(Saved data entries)

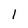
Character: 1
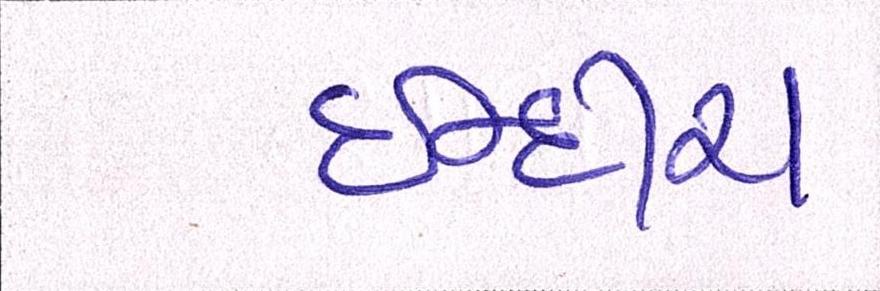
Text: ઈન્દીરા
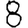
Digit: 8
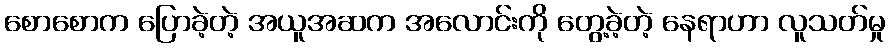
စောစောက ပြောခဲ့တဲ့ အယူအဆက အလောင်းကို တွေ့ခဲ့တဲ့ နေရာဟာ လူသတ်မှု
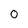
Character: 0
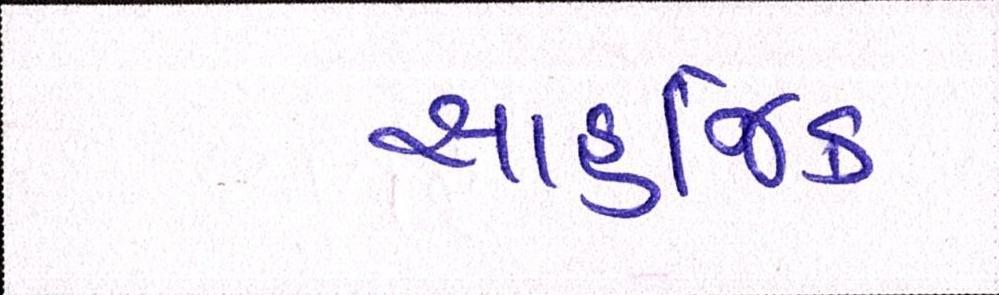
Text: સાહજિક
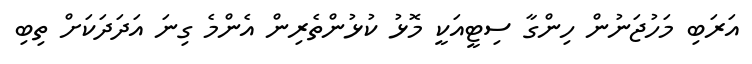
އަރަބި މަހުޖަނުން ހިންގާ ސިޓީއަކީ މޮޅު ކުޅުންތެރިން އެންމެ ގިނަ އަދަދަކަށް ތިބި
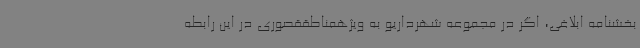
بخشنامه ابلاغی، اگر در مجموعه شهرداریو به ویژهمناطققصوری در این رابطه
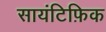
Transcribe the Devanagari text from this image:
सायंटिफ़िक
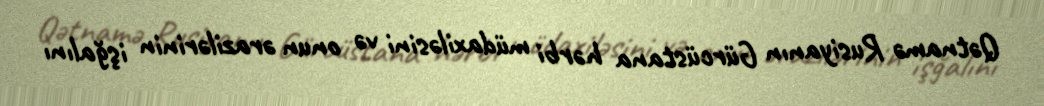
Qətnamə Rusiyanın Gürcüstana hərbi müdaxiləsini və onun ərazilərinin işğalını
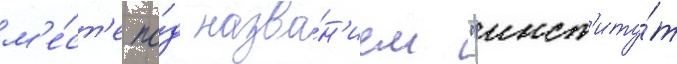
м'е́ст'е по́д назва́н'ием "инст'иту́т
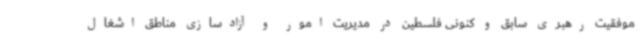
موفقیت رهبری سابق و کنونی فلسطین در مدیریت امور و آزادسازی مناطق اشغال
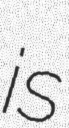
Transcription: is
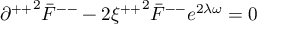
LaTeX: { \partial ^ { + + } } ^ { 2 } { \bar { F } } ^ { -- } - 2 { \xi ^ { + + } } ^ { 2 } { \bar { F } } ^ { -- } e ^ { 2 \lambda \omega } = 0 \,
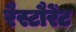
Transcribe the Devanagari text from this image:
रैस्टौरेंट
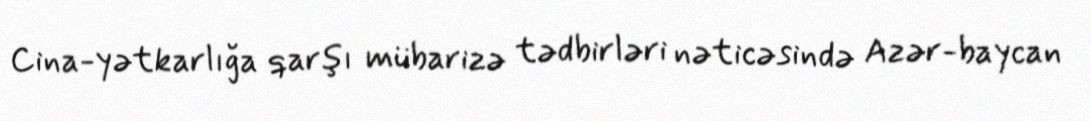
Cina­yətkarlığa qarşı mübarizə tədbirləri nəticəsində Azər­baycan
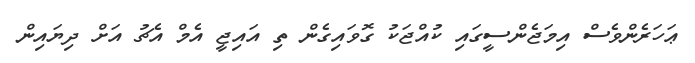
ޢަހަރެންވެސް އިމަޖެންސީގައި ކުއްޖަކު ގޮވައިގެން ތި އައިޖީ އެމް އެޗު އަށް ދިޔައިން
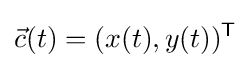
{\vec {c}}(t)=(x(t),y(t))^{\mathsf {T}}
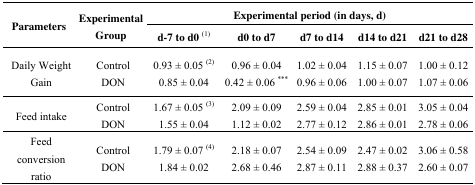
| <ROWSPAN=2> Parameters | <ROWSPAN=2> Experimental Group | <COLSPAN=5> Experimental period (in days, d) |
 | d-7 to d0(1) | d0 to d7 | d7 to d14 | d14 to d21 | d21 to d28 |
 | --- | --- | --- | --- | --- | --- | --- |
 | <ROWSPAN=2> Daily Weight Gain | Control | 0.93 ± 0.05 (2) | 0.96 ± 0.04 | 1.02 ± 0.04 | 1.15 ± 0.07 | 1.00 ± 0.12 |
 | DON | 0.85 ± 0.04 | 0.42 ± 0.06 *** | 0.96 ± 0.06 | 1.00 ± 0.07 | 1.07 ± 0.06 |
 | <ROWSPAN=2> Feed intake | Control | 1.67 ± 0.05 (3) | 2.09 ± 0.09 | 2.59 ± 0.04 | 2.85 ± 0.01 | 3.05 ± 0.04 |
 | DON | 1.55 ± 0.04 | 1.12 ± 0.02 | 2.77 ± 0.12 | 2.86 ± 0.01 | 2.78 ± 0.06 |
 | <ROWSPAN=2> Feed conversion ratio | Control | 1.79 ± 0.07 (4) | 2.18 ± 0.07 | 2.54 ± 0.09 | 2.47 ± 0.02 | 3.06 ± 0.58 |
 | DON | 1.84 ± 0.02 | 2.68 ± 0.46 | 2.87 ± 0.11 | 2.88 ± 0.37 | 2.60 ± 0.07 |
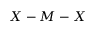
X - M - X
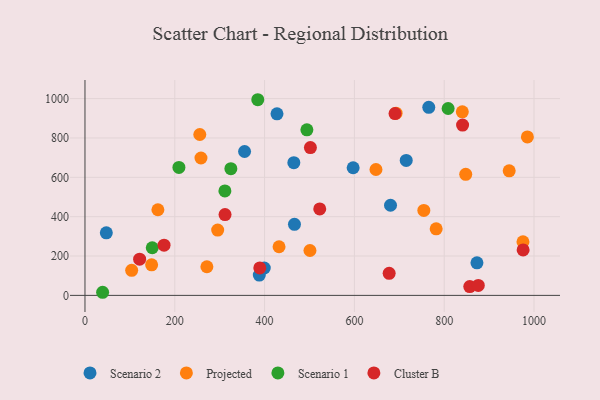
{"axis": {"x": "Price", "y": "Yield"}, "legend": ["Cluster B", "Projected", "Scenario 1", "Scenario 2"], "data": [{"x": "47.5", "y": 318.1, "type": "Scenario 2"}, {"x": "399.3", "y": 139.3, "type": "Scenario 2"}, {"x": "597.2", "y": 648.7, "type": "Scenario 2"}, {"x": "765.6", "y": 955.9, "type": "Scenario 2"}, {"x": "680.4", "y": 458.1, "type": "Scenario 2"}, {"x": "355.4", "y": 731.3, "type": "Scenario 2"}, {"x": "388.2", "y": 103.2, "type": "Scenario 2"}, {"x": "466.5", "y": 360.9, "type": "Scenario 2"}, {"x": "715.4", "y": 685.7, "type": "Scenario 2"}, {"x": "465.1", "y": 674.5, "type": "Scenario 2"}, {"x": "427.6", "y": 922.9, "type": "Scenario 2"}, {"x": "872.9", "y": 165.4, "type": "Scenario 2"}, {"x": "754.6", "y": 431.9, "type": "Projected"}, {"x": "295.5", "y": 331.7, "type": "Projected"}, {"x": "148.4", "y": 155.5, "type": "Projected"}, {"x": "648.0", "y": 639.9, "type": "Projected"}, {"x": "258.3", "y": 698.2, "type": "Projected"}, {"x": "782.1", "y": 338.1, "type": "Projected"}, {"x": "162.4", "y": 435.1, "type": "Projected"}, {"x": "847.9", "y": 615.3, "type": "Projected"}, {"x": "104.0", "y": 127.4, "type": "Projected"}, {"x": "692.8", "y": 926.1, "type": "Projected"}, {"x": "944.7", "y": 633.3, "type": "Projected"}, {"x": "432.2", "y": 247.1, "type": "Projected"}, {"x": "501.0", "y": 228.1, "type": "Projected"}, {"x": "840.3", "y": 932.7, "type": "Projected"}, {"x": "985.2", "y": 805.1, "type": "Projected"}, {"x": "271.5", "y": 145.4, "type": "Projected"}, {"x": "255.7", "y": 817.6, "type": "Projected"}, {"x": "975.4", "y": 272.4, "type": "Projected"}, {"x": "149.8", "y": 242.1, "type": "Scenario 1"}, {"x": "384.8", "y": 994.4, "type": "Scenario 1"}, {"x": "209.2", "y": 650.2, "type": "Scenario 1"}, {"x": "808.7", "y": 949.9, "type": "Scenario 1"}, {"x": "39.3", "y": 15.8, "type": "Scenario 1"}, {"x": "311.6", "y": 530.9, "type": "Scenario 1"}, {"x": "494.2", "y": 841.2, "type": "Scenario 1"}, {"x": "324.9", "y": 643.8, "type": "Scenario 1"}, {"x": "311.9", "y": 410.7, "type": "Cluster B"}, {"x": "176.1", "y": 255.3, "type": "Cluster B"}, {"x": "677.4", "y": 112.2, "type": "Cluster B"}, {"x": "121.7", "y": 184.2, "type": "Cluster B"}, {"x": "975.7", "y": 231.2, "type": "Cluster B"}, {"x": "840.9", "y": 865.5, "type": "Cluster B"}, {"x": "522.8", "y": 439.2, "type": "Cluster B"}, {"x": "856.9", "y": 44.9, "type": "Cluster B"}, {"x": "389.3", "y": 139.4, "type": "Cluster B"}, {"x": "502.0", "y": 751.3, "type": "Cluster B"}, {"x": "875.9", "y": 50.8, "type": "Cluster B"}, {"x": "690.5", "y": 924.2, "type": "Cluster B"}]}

## WHAT NEEDS TO BE DONE
Return the entries above exactly as they appear. Pictures should not be copied.

## FINAL ANSWER
Character: 1
Text: ઈન્દીરા
Digit: 8
စောစောက ပြောခဲ့တဲ့ အယူအဆက အလောင်းကို တွေ့ခဲ့တဲ့ နေရာဟာ လူသတ်မှု
Character: 0
Text: સાહજિક
އަރަބި މަހުޖަނުން ހިންގާ ސިޓީއަކީ މޮޅު ކުޅުންތެރިން އެންމެ ގިނަ އަދަދަކަށް ތިބި
بخشنامه ابلاغی، اگر در مجموعه شهرداریو به ویژهمناطققصوری در این رابطه
Transcribe the Devanagari text from this image:
सायंटिफ़िक
Qətnamə Rusiyanın Gürcüstana hərbi müdaxiləsini və onun ərazilərinin işğalını
м'е́ст'е по́д назва́н'ием "инст'иту́т
موفقیت رهبری سابق و کنونی فلسطین در مدیریت امور و آزادسازی مناطق اشغال
Transcription: is
LaTeX: { \partial ^ { + + } } ^ { 2 } { \bar { F } } ^ { -- } - 2 { \xi ^ { + + } } ^ { 2 } { \bar { F } } ^ { -- } e ^ { 2 \lambda \omega } = 0 \,
Transcribe the Devanagari text from this image:
रैस्टौरेंट
Cina­yətkarlığa qarşı mübarizə tədbirləri nəticəsində Azər­baycan
ޢަހަރެންވެސް އިމަޖެންސީގައި ކުއްޖަކު ގޮވައިގެން ތި އައިޖީ އެމް އެޗު އަށް ދިޔައިން
{\vec {c}}(t)=(x(t),y(t))^{\mathsf {T}}
| <ROWSPAN=2> Parameters | <ROWSPAN=2> Experimental Group | <COLSPAN=5> Experimental period (in days, d) |
 | d-7 to d0(1) | d0 to d7 | d7 to d14 | d14 to d21 | d21 to d28 |
 | --- | --- | --- | --- | --- | --- | --- |
 | <ROWSPAN=2> Daily Weight Gain | Control | 0.93 ± 0.05 (2) | 0.96 ± 0.04 | 1.02 ± 0.04 | 1.15 ± 0.07 | 1.00 ± 0.12 |
 | DON | 0.85 ± 0.04 | 0.42 ± 0.06 *** | 0.96 ± 0.06 | 1.00 ± 0.07 | 1.07 ± 0.06 |
 | <ROWSPAN=2> Feed intake | Control | 1.67 ± 0.05 (3) | 2.09 ± 0.09 | 2.59 ± 0.04 | 2.85 ± 0.01 | 3.05 ± 0.04 |
 | DON | 1.55 ± 0.04 | 1.12 ± 0.02 | 2.77 ± 0.12 | 2.86 ± 0.01 | 2.78 ± 0.06 |
 | <ROWSPAN=2> Feed conversion ratio | Control | 1.79 ± 0.07 (4) | 2.18 ± 0.07 | 2.54 ± 0.09 | 2.47 ± 0.02 | 3.06 ± 0.58 |
 | DON | 1.84 ± 0.02 | 2.68 ± 0.46 | 2.87 ± 0.11 | 2.88 ± 0.37 | 2.60 ± 0.07 |
X - M - X
{"axis": {"x": "Price", "y": "Yield"}, "legend": ["Cluster B", "Projected", "Scenario 1", "Scenario 2"], "data": [{"x": "47.5", "y": 318.1, "type": "Scenario 2"}, {"x": "399.3", "y": 139.3, "type": "Scenario 2"}, {"x": "597.2", "y": 648.7, "type": "Scenario 2"}, {"x": "765.6", "y": 955.9, "type": "Scenario 2"}, {"x": "680.4", "y": 458.1, "type": "Scenario 2"}, {"x": "355.4", "y": 731.3, "type": "Scenario 2"}, {"x": "388.2", "y": 103.2, "type": "Scenario 2"}, {"x": "466.5", "y": 360.9, "type": "Scenario 2"}, {"x": "715.4", "y": 685.7, "type": "Scenario 2"}, {"x": "465.1", "y": 674.5, "type": "Scenario 2"}, {"x": "427.6", "y": 922.9, "type": "Scenario 2"}, {"x": "872.9", "y": 165.4, "type": "Scenario 2"}, {"x": "754.6", "y": 431.9, "type": "Projected"}, {"x": "295.5", "y": 331.7, "type": "Projected"}, {"x": "148.4", "y": 155.5, "type": "Projected"}, {"x": "648.0", "y": 639.9, "type": "Projected"}, {"x": "258.3", "y": 698.2, "type": "Projected"}, {"x": "782.1", "y": 338.1, "type": "Projected"}, {"x": "162.4", "y": 435.1, "type": "Projected"}, {"x": "847.9", "y": 615.3, "type": "Projected"}, {"x": "104.0", "y": 127.4, "type": "Projected"}, {"x": "692.8", "y": 926.1, "type": "Projected"}, {"x": "944.7", "y": 633.3, "type": "Projected"}, {"x": "432.2", "y": 247.1, "type": "Projected"}, {"x": "501.0", "y": 228.1, "type": "Projected"}, {"x": "840.3", "y": 932.7, "type": "Projected"}, {"x": "985.2", "y": 805.1, "type": "Projected"}, {"x": "271.5", "y": 145.4, "type": "Projected"}, {"x": "255.7", "y": 817.6, "type": "Projected"}, {"x": "975.4", "y": 272.4, "type": "Projected"}, {"x": "149.8", "y": 242.1, "type": "Scenario 1"}, {"x": "384.8", "y": 994.4, "type": "Scenario 1"}, {"x": "209.2", "y": 650.2, "type": "Scenario 1"}, {"x": "808.7", "y": 949.9, "type": "Scenario 1"}, {"x": "39.3", "y": 15.8, "type": "Scenario 1"}, {"x": "311.6", "y": 530.9, "type": "Scenario 1"}, {"x": "494.2", "y": 841.2, "type": "Scenario 1"}, {"x": "324.9", "y": 643.8, "type": "Scenario 1"}, {"x": "311.9", "y": 410.7, "type": "Cluster B"}, {"x": "176.1", "y": 255.3, "type": "Cluster B"}, {"x": "677.4", "y": 112.2, "type": "Cluster B"}, {"x": "121.7", "y": 184.2, "type": "Cluster B"}, {"x": "975.7", "y": 231.2, "type": "Cluster B"}, {"x": "840.9", "y": 865.5, "type": "Cluster B"}, {"x": "522.8", "y": 439.2, "type": "Cluster B"}, {"x": "856.9", "y": 44.9, "type": "Cluster B"}, {"x": "389.3", "y": 139.4, "type": "Cluster B"}, {"x": "502.0", "y": 751.3, "type": "Cluster B"}, {"x": "875.9", "y": 50.8, "type": "Cluster B"}, {"x": "690.5", "y": 924.2, "type": "Cluster B"}]}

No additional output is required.